**ENTRIES PROVIDED:**
▶

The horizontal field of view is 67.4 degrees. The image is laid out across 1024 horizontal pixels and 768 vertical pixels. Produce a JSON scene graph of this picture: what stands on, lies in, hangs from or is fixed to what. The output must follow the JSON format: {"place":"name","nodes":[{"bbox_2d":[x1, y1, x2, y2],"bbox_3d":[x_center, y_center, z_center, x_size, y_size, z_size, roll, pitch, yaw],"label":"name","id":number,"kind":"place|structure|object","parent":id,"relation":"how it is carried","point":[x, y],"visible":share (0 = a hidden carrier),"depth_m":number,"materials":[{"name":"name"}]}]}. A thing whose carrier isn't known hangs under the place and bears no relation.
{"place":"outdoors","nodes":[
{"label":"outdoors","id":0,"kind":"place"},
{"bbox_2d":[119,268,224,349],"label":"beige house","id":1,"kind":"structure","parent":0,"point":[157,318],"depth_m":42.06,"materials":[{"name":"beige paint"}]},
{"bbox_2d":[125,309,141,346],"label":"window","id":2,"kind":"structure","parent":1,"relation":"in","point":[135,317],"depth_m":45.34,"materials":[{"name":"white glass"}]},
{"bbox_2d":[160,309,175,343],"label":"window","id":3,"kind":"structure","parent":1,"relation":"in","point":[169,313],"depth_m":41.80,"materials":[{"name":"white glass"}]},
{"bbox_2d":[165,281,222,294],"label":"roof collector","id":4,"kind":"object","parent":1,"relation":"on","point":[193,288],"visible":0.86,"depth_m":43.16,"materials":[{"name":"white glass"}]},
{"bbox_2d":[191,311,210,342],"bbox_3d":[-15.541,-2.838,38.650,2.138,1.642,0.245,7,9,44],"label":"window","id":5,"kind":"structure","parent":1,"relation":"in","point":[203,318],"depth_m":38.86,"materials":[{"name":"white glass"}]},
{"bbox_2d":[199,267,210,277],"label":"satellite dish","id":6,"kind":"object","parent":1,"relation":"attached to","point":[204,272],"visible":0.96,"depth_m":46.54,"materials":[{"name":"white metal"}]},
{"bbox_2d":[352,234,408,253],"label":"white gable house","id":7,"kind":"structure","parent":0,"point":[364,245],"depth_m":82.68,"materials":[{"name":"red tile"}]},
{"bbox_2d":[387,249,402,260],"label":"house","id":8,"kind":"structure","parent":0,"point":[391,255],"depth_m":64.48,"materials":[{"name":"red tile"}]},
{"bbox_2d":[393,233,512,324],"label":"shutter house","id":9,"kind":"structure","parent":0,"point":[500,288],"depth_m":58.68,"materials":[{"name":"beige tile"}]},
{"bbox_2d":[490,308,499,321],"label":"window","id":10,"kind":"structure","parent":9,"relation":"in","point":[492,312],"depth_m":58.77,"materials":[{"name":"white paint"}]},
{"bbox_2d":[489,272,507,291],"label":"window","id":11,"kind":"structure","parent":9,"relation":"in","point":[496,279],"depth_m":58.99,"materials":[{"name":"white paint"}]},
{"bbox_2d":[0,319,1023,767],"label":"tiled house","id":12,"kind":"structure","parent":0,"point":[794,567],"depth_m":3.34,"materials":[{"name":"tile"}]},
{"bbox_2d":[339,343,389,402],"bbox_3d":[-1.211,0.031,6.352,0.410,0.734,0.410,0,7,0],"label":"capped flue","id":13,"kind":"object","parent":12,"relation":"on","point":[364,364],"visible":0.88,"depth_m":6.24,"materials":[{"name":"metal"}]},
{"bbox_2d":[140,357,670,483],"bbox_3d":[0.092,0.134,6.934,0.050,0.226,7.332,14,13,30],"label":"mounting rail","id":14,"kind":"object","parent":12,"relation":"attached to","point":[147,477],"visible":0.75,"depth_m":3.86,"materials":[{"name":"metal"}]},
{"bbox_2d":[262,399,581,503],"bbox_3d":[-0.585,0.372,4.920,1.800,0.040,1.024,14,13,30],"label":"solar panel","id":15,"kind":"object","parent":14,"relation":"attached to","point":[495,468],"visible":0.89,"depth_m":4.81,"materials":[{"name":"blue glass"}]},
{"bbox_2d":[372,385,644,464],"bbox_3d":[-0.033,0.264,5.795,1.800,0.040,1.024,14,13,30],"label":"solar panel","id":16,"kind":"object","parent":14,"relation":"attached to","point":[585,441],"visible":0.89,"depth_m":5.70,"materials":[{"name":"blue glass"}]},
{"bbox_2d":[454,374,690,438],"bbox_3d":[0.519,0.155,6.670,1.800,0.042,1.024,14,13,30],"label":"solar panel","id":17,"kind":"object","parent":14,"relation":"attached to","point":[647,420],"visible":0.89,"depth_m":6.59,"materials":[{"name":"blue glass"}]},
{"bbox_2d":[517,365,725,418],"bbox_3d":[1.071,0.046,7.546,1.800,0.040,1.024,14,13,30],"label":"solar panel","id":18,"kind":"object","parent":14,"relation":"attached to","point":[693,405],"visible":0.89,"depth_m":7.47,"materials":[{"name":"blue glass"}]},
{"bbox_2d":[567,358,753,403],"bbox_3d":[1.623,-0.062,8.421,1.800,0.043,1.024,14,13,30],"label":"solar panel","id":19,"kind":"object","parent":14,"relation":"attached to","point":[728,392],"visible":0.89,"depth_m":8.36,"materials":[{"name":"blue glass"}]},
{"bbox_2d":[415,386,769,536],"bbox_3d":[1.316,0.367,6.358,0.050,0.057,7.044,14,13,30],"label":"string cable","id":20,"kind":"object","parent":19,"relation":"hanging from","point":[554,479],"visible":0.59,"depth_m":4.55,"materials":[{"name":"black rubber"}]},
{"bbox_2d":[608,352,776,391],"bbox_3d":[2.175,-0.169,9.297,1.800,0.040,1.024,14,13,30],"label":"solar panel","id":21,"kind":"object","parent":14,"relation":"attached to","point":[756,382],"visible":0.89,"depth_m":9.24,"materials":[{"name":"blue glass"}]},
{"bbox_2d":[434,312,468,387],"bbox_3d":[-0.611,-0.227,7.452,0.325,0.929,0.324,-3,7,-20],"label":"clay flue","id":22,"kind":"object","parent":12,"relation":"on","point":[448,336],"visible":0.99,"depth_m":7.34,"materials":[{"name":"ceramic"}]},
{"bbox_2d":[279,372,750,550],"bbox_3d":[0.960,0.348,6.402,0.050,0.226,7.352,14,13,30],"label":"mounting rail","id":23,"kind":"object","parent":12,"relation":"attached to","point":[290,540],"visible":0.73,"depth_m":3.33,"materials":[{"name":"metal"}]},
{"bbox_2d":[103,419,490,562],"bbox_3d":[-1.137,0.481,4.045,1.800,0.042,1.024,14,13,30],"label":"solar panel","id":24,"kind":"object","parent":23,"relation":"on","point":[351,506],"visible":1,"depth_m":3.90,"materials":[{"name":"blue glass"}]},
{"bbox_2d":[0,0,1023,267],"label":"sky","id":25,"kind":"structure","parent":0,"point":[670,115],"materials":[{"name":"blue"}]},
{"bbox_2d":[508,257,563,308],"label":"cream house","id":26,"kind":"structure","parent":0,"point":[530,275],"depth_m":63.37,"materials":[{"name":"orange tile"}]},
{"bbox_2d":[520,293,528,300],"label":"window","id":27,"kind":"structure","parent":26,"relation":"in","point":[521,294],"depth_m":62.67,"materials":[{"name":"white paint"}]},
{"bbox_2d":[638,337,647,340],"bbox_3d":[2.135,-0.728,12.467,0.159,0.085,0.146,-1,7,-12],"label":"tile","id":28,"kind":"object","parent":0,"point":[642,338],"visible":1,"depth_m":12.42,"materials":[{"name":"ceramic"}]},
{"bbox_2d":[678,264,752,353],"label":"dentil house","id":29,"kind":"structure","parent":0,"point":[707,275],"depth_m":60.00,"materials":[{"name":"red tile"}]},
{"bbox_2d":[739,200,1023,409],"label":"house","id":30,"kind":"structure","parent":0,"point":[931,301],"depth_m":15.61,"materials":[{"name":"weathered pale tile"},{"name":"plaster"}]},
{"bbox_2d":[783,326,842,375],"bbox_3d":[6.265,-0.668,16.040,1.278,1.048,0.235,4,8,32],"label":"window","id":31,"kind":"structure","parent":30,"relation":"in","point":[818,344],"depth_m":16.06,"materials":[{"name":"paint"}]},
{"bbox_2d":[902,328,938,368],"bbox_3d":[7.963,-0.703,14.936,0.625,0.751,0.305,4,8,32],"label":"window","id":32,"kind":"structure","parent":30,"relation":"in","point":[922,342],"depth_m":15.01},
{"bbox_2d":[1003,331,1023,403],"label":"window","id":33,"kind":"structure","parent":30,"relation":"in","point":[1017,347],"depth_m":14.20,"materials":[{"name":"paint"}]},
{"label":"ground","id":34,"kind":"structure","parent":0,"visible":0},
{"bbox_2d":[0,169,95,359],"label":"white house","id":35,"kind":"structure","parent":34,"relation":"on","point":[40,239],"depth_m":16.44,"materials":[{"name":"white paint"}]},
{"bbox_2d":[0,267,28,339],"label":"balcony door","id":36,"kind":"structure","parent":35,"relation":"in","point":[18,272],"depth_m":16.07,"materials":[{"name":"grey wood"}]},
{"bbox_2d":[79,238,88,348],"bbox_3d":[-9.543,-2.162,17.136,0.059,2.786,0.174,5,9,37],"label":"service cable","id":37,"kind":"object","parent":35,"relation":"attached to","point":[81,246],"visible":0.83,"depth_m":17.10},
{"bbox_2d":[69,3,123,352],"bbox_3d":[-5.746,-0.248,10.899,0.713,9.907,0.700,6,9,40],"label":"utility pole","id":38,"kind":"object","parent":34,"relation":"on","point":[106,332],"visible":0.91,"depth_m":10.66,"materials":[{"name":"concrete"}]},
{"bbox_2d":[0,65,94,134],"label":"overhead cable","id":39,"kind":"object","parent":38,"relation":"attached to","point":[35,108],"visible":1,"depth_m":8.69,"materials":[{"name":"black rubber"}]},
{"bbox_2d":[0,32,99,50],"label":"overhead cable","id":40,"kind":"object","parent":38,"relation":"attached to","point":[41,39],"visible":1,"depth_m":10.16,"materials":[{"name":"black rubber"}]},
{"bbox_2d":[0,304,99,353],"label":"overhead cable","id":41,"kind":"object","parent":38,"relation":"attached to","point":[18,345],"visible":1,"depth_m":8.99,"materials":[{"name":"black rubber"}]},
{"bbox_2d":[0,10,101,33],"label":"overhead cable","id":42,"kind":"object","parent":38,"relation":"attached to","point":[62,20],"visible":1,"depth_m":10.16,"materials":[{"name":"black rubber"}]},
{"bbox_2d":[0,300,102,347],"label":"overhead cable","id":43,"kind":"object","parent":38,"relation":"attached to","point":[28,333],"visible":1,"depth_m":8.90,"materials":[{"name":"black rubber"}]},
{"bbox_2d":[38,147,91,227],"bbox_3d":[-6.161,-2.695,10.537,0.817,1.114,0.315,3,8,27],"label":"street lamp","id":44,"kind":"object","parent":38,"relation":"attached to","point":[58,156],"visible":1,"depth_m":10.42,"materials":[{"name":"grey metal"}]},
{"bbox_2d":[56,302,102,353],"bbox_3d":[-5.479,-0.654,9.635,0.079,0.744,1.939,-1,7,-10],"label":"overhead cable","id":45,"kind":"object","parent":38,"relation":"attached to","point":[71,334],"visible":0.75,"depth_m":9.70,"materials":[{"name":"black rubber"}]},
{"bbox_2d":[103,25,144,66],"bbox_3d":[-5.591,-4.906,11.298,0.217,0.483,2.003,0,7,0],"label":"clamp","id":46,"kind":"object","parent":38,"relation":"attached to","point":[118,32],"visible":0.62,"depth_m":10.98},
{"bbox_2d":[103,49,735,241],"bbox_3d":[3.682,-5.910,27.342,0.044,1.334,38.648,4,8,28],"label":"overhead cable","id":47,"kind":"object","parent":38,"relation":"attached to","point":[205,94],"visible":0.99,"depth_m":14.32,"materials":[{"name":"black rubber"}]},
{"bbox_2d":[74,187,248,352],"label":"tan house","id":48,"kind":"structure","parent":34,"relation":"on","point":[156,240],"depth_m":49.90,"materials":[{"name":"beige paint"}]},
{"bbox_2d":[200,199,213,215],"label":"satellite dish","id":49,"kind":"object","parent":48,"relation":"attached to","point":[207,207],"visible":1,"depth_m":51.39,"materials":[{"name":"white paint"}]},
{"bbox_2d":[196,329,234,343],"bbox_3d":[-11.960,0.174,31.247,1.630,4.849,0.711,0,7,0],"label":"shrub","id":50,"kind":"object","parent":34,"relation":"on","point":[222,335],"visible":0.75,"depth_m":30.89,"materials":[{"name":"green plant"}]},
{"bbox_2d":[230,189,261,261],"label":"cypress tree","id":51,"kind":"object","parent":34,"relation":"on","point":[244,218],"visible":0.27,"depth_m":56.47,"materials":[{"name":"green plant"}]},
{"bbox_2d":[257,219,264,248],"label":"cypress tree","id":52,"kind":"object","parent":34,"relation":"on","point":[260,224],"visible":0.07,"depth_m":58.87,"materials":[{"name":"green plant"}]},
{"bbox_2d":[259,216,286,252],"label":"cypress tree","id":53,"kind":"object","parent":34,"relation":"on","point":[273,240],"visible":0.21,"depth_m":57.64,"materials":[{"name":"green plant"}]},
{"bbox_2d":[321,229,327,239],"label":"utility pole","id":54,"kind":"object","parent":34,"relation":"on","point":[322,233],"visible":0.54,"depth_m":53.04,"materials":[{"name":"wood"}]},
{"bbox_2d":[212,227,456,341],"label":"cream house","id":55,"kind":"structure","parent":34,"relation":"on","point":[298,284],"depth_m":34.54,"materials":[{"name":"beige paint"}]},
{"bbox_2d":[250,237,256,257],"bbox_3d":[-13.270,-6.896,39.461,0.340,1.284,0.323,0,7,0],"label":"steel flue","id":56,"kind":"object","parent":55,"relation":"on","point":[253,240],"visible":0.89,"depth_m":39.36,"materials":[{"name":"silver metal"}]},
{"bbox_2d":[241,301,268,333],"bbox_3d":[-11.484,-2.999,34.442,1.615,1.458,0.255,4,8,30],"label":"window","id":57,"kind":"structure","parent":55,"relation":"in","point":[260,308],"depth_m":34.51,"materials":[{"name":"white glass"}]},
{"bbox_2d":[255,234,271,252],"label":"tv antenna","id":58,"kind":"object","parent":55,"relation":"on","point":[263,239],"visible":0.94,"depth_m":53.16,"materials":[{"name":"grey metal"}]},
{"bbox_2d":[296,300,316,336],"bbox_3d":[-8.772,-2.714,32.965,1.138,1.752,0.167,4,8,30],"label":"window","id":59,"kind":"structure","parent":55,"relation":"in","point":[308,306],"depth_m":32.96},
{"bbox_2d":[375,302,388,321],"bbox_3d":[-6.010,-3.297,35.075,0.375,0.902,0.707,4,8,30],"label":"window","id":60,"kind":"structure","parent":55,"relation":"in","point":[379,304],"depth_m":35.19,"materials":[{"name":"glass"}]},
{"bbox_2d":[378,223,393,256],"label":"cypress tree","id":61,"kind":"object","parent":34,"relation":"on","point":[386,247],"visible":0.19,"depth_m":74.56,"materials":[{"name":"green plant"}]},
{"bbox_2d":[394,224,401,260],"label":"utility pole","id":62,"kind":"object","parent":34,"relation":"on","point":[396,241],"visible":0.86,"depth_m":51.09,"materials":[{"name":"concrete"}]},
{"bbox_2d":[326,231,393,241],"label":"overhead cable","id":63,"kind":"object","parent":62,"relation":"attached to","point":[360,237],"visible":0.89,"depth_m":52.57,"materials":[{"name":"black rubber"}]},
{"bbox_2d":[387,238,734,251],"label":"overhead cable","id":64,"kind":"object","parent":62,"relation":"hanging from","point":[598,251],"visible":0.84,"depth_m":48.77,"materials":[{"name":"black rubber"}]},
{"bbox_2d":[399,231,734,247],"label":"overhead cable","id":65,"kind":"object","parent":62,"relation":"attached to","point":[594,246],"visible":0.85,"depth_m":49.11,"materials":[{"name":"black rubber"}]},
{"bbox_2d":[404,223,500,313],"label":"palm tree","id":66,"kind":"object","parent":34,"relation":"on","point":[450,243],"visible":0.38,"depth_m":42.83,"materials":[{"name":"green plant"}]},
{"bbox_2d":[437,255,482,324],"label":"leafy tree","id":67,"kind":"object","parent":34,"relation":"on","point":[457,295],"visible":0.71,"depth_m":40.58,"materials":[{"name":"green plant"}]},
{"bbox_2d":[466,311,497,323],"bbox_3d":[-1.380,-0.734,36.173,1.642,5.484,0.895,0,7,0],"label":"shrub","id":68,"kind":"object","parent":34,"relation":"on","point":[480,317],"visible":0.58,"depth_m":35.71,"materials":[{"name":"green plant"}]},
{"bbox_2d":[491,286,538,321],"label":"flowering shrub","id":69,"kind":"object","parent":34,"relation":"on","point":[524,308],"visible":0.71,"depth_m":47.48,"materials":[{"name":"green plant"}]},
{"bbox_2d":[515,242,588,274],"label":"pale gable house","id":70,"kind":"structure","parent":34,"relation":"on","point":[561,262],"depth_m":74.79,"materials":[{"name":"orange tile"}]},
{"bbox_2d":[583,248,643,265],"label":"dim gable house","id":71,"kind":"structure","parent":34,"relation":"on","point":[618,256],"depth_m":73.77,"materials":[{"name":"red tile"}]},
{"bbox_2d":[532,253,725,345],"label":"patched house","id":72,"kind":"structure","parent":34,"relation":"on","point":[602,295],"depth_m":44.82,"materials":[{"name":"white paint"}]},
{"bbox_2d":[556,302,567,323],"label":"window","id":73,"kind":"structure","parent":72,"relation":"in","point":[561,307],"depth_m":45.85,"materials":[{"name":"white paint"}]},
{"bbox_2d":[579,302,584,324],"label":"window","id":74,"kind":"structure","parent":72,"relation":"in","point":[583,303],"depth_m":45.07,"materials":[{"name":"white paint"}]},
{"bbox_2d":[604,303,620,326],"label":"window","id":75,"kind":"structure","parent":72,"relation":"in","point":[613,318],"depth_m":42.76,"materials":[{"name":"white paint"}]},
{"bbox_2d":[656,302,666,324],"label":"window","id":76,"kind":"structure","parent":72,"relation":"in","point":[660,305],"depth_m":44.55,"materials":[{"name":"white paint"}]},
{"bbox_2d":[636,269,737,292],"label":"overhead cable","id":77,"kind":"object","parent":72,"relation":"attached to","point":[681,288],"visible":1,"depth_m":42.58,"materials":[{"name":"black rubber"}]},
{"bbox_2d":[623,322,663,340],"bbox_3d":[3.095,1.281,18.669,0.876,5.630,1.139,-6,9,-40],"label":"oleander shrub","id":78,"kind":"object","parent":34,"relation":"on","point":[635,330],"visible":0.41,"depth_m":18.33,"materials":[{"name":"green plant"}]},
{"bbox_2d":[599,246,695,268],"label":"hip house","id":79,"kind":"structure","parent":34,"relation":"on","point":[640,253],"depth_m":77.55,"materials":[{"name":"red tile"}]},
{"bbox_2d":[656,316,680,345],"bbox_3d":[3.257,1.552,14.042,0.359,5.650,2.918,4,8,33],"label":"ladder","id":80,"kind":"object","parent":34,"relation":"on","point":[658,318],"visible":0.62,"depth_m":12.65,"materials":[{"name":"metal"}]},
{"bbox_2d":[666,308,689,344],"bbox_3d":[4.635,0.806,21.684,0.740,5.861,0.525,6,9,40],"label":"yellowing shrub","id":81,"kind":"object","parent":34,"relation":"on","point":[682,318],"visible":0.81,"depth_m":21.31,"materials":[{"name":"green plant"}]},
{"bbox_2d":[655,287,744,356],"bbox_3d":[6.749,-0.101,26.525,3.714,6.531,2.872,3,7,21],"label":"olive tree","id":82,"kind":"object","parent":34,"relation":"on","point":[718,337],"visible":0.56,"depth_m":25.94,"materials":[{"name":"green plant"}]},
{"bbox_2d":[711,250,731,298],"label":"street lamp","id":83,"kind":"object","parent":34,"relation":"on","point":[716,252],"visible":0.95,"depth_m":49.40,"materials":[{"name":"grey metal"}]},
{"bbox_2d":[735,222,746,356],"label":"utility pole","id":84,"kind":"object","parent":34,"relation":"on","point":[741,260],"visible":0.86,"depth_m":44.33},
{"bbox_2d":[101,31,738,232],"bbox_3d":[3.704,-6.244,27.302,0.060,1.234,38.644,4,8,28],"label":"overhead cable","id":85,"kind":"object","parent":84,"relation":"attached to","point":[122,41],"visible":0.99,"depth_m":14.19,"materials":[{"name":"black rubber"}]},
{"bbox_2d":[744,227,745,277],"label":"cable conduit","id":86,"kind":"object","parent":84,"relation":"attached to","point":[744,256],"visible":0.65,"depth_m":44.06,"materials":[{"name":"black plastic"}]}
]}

◀

**ABOUT THIS TASK:** Filter the entries down to the lines holding the string "orange". Copy each of those lines.

**YOUR SOLUTION:**
{"bbox_2d":[508,257,563,308],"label":"cream house","id":26,"kind":"structure","parent":0,"point":[530,275],"depth_m":63.37,"materials":[{"name":"orange tile"}]},
{"bbox_2d":[515,242,588,274],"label":"pale gable house","id":70,"kind":"structure","parent":34,"relation":"on","point":[561,262],"depth_m":74.79,"materials":[{"name":"orange tile"}]},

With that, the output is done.